[SOURCE MATERIAL]
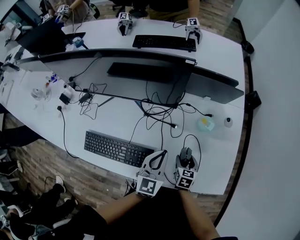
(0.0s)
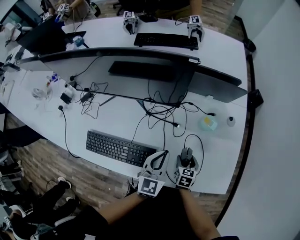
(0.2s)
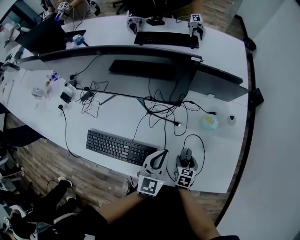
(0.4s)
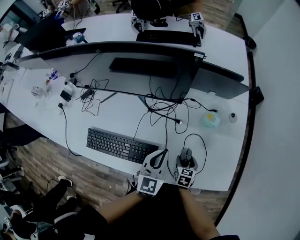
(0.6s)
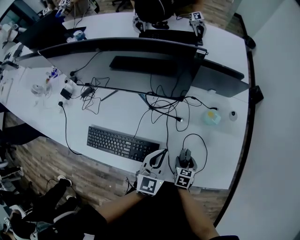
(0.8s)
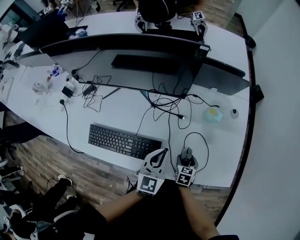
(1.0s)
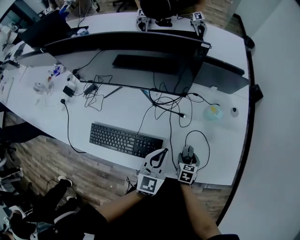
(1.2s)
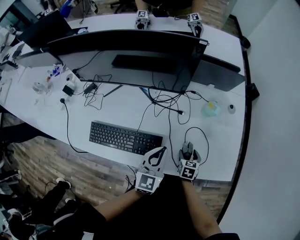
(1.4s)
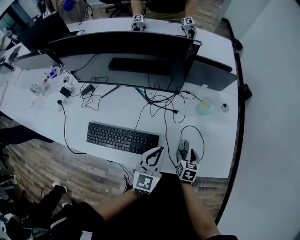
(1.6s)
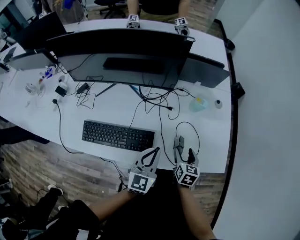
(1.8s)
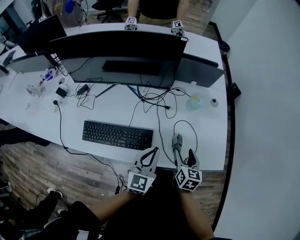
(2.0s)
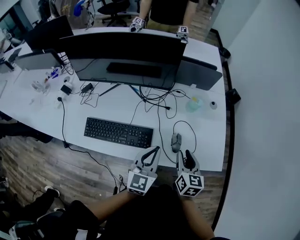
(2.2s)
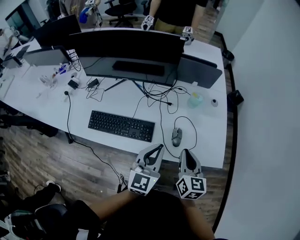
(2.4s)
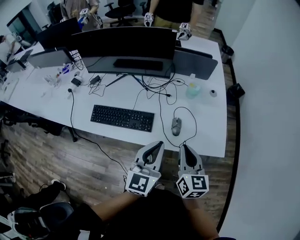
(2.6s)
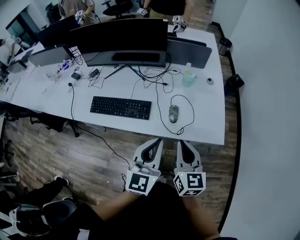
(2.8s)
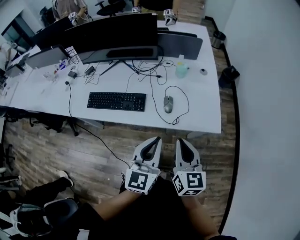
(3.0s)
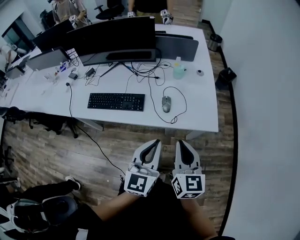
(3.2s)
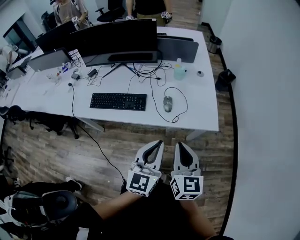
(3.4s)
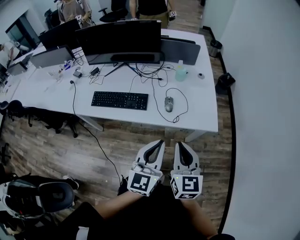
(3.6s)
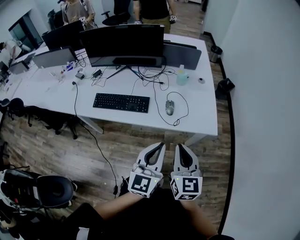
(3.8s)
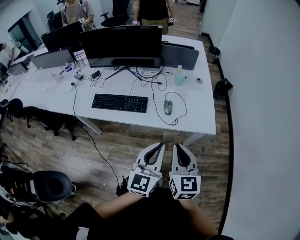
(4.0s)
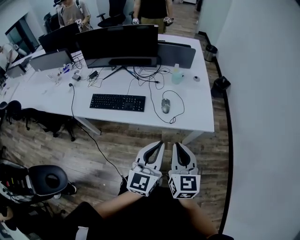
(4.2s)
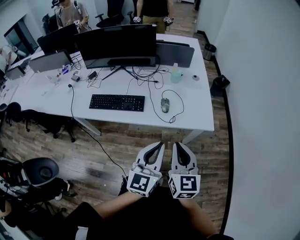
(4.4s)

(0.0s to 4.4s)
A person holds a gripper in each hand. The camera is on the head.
[/SOURCE MATERIAL]
**ACTION ITEM:** Your answer must be the records above, word for word, with no pictures.

**FINAL ANSWER:**
(0.0s)
(0.2s)
(0.4s)
(0.6s)
(0.8s)
(1.0s)
(1.2s)
(1.4s)
(1.6s)
(1.8s)
(2.0s)
(2.2s)
(2.4s)
(2.6s)
(2.8s)
(3.0s)
(3.2s)
(3.4s)
(3.6s)
(3.8s)
(4.0s)
(4.2s)
(4.4s)

(0.0s to 4.4s)
A person holds a gripper in each hand. The camera is on the head.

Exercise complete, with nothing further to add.